--- MATERIAL SHOWN ---

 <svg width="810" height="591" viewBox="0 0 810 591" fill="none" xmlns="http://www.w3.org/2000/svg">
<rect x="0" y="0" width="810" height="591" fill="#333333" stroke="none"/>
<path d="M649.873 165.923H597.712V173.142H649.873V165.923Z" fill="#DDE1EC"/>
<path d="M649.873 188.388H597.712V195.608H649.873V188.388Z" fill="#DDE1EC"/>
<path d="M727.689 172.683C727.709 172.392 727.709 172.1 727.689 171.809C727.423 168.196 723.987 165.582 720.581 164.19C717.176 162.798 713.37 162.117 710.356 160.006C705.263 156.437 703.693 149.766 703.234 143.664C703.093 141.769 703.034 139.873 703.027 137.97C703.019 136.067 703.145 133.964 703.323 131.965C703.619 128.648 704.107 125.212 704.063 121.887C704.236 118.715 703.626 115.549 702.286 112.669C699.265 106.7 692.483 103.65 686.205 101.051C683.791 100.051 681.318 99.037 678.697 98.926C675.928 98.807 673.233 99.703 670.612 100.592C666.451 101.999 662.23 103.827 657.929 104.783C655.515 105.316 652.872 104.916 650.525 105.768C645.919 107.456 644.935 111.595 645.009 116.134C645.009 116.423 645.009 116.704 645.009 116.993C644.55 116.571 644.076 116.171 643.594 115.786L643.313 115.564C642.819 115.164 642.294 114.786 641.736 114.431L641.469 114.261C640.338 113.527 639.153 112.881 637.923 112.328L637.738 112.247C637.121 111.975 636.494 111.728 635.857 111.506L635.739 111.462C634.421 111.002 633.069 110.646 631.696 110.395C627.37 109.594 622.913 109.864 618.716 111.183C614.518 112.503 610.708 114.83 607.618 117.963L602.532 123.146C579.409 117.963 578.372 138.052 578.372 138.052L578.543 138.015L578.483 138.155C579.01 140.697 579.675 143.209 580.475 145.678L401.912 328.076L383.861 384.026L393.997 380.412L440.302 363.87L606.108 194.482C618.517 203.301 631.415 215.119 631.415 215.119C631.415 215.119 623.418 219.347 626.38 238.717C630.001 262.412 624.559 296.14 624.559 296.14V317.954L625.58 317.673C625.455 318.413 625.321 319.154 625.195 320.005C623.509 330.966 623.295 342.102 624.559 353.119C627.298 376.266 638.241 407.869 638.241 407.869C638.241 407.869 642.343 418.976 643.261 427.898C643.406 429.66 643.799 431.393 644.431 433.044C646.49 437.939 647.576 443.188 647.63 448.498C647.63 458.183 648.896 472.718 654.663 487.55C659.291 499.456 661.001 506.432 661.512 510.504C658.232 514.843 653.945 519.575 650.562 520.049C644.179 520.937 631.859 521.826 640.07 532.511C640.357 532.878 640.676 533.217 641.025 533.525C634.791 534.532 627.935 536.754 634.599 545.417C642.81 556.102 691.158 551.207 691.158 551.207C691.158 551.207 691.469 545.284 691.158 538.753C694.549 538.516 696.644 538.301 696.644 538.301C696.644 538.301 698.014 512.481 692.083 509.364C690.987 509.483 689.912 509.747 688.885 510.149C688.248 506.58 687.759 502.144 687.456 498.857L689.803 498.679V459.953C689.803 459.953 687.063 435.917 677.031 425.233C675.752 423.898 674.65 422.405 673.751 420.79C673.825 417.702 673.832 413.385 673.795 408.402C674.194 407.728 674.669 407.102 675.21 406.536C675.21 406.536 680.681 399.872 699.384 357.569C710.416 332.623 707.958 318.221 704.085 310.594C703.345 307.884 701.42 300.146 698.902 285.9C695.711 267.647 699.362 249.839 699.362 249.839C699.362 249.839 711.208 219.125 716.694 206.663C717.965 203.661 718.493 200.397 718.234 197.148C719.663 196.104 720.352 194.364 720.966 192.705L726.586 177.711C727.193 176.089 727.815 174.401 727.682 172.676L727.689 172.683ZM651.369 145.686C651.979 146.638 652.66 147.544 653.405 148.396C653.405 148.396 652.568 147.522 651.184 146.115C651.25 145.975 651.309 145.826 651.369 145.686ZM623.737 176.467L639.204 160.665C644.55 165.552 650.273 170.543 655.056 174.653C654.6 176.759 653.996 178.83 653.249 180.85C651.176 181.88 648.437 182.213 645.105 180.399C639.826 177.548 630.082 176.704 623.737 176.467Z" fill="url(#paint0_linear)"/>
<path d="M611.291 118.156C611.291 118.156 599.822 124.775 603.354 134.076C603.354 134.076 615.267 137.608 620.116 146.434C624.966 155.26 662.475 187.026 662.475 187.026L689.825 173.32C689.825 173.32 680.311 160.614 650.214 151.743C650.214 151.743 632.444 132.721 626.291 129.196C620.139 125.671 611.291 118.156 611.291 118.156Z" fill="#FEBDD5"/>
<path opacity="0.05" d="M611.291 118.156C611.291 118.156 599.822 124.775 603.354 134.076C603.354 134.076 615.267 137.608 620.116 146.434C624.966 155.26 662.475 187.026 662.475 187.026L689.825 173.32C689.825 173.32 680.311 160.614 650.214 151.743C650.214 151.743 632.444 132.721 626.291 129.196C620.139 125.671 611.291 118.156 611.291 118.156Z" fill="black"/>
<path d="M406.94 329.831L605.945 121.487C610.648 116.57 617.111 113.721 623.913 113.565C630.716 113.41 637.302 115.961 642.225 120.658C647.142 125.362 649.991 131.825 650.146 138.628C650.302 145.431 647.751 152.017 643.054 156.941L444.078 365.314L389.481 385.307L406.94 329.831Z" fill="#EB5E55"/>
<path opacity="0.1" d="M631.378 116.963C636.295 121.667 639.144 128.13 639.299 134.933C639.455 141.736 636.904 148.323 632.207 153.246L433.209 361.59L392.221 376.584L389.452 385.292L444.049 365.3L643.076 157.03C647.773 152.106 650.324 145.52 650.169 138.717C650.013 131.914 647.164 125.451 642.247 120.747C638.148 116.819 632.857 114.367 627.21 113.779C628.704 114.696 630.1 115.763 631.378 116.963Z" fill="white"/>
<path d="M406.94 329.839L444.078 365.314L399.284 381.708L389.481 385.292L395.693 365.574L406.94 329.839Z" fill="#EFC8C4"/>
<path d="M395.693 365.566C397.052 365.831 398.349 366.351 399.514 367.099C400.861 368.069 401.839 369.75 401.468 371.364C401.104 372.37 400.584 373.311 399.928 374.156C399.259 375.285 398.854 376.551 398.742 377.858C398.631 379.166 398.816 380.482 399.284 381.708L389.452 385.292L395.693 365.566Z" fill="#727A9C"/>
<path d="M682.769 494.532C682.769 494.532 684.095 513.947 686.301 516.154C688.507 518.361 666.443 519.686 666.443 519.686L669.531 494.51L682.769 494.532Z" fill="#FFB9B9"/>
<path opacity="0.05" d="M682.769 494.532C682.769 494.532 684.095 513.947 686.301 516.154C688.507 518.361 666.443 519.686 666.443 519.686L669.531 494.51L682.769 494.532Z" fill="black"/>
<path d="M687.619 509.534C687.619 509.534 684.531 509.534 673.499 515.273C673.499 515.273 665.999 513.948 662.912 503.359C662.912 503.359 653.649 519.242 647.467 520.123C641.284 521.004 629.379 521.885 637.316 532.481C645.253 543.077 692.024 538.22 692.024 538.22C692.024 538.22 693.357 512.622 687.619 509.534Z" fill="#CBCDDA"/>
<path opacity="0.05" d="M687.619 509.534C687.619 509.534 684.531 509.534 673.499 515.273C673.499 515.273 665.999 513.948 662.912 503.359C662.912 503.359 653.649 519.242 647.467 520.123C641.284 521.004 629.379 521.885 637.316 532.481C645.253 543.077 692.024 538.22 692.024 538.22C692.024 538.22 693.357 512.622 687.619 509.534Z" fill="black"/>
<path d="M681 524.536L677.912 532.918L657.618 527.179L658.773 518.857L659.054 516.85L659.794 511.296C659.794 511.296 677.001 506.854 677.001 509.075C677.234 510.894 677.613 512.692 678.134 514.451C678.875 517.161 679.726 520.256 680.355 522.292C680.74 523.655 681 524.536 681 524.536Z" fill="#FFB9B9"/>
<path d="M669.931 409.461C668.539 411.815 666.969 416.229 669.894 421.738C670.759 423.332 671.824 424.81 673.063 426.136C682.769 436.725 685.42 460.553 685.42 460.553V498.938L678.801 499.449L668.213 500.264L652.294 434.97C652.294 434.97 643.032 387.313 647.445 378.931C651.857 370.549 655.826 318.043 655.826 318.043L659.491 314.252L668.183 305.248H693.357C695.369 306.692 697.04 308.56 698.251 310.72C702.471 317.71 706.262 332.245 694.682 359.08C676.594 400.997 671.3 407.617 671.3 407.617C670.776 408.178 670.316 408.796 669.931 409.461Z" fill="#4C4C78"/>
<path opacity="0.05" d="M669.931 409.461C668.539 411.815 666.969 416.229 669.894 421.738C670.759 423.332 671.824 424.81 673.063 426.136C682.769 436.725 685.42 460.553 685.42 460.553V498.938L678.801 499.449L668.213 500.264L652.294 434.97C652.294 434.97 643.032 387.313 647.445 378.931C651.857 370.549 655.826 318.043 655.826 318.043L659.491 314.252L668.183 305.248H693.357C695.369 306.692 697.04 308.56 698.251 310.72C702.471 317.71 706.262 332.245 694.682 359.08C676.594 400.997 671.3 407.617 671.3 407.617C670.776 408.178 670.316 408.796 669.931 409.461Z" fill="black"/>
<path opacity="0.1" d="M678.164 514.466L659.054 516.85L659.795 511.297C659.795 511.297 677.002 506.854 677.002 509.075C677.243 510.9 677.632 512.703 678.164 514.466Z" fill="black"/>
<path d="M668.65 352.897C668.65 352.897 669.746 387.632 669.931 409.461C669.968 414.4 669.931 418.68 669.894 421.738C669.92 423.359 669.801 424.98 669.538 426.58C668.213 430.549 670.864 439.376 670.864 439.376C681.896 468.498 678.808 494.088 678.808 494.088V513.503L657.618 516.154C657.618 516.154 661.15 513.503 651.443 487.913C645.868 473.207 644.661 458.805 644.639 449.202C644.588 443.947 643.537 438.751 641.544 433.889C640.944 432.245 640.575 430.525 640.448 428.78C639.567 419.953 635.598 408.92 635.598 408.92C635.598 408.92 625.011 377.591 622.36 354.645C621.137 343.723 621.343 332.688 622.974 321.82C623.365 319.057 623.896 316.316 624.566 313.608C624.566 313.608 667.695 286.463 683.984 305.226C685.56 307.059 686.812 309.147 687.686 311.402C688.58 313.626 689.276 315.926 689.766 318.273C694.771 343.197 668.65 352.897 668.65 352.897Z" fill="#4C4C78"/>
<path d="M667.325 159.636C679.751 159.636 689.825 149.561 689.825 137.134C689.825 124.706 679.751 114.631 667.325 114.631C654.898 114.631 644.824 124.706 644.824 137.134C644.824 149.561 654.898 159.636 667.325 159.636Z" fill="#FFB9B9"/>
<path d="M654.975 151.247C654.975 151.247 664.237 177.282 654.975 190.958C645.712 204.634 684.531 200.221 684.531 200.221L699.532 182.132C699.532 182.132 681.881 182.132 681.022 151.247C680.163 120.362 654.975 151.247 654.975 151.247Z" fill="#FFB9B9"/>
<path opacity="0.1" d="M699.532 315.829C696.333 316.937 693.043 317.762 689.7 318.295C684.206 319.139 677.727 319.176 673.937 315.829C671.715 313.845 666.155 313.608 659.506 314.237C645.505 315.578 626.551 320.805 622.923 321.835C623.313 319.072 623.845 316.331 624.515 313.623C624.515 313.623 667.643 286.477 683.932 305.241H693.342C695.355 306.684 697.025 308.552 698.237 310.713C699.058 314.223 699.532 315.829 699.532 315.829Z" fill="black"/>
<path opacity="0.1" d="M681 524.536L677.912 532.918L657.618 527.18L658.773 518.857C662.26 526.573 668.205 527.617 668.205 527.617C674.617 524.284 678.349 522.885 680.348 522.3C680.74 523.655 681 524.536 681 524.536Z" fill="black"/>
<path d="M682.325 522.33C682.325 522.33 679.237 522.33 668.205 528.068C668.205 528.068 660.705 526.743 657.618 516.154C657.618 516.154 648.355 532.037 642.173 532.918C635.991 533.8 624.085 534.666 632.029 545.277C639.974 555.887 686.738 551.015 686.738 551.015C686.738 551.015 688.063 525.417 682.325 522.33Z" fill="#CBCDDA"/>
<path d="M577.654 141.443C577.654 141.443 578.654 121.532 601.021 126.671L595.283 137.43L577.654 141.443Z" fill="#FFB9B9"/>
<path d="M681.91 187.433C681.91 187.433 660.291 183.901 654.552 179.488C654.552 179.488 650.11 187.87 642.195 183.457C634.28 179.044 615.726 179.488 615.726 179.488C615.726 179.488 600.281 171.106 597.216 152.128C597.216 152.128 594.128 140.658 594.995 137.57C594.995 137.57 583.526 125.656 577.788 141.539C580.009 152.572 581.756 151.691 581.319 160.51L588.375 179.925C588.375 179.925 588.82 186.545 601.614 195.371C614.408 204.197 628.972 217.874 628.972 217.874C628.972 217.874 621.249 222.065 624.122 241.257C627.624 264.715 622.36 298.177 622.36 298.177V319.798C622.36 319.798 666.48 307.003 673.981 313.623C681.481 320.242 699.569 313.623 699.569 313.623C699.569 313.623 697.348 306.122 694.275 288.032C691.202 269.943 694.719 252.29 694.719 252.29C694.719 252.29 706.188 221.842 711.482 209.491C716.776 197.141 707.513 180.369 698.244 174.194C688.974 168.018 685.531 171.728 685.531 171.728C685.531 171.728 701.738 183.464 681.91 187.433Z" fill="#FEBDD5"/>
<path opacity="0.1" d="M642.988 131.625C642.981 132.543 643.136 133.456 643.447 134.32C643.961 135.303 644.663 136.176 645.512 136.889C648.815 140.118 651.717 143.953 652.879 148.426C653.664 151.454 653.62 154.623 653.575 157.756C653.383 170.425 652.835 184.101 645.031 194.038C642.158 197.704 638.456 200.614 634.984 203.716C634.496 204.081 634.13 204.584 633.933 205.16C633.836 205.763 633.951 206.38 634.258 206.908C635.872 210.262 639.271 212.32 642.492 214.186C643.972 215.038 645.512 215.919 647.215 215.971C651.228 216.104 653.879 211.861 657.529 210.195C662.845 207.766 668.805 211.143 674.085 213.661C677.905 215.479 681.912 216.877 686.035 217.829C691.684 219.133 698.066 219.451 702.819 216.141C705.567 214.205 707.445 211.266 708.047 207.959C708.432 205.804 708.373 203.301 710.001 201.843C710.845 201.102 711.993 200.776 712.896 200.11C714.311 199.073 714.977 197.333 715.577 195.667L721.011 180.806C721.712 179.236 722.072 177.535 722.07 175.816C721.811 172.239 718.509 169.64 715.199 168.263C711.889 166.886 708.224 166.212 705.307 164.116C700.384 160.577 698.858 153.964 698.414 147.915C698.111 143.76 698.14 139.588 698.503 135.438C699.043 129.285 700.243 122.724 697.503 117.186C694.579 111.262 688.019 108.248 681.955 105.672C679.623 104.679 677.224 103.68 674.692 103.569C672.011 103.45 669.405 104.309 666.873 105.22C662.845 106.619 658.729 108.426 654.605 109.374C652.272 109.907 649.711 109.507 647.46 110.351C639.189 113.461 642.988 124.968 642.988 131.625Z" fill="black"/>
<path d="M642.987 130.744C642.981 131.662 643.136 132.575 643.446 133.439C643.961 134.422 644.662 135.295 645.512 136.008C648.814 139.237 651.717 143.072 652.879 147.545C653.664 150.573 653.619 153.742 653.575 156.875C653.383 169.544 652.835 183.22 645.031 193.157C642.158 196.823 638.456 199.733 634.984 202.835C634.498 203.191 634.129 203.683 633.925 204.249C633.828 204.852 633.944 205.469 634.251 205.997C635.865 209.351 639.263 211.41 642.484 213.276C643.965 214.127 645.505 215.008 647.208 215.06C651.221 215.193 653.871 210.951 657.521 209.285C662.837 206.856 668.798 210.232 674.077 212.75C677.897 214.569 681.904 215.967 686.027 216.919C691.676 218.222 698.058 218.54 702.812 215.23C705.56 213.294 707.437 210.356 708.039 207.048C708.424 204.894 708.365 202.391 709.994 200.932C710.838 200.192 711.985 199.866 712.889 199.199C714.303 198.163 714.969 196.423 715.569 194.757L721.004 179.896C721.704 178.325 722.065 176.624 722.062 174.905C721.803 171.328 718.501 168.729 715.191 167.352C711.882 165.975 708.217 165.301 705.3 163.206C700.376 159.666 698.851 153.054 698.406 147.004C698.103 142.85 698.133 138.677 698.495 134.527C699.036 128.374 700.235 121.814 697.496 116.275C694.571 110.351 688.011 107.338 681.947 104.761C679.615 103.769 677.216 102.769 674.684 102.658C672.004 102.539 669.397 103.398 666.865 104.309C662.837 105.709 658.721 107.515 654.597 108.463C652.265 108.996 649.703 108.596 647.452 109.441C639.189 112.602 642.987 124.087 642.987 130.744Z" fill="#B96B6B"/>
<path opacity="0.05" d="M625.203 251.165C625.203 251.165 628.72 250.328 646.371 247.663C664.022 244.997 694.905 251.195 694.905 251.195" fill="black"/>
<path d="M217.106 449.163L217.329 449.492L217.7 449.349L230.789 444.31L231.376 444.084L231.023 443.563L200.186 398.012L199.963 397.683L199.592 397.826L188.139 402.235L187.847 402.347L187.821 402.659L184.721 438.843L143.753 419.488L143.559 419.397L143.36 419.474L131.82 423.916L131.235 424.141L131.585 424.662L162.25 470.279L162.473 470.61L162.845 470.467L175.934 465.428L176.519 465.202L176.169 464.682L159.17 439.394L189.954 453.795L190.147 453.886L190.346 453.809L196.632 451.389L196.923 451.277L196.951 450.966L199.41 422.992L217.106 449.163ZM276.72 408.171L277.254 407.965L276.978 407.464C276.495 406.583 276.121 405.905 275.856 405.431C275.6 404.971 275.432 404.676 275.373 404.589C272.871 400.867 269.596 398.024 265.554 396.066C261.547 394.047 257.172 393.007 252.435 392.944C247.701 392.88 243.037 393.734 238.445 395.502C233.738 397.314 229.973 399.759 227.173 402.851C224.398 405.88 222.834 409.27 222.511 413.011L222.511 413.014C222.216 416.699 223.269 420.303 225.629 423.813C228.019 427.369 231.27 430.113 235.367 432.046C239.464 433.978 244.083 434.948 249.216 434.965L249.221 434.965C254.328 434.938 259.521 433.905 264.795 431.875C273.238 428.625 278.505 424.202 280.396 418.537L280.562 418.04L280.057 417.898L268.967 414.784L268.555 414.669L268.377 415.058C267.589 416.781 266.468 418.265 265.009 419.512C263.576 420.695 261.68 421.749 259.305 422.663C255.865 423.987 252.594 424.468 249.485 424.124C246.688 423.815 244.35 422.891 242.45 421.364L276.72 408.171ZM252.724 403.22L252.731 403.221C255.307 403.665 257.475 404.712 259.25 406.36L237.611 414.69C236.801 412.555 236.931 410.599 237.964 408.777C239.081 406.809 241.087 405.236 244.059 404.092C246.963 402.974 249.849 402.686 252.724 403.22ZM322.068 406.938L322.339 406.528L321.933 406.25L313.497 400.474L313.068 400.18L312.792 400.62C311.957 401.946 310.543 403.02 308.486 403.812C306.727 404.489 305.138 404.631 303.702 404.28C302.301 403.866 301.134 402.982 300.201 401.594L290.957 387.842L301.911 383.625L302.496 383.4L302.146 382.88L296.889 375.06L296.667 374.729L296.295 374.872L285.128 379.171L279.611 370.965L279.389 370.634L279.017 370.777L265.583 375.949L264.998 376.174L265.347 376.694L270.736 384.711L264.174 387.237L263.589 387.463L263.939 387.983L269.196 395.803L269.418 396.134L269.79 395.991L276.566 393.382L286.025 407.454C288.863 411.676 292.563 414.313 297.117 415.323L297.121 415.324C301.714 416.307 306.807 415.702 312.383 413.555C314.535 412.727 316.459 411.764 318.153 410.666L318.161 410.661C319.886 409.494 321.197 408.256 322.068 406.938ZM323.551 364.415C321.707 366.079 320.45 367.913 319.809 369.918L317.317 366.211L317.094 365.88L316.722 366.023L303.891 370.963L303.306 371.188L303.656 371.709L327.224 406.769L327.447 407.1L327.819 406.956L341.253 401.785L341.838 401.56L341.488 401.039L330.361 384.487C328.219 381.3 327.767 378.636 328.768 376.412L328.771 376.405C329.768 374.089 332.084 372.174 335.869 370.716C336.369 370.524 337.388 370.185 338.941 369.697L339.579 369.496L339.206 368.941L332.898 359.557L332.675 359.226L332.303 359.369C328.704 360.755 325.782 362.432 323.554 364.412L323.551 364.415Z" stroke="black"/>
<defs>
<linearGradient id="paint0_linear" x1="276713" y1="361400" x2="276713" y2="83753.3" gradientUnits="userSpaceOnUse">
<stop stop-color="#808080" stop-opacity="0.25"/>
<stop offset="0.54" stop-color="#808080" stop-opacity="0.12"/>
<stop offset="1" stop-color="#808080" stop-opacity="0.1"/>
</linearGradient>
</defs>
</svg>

---

### EXERCISE OBJECTIVE:
Look above for the line with "315.829C696.333 316.937 693.043" and the line with "524.536L677.912 532.918L657.618 527.18L658.773"; transcribe both and all lines in between, exactly, and nothing else.

### EXPECTED OUTPUT:
<path opacity="0.1" d="M699.532 315.829C696.333 316.937 693.043 317.762 689.7 318.295C684.206 319.139 677.727 319.176 673.937 315.829C671.715 313.845 666.155 313.608 659.506 314.237C645.505 315.578 626.551 320.805 622.923 321.835C623.313 319.072 623.845 316.331 624.515 313.623C624.515 313.623 667.643 286.477 683.932 305.241H693.342C695.355 306.684 697.025 308.552 698.237 310.713C699.058 314.223 699.532 315.829 699.532 315.829Z" fill="black"/>
<path opacity="0.1" d="M681 524.536L677.912 532.918L657.618 527.18L658.773 518.857C662.26 526.573 668.205 527.617 668.205 527.617C674.617 524.284 678.349 522.885 680.348 522.3C680.74 523.655 681 524.536 681 524.536Z" fill="black"/>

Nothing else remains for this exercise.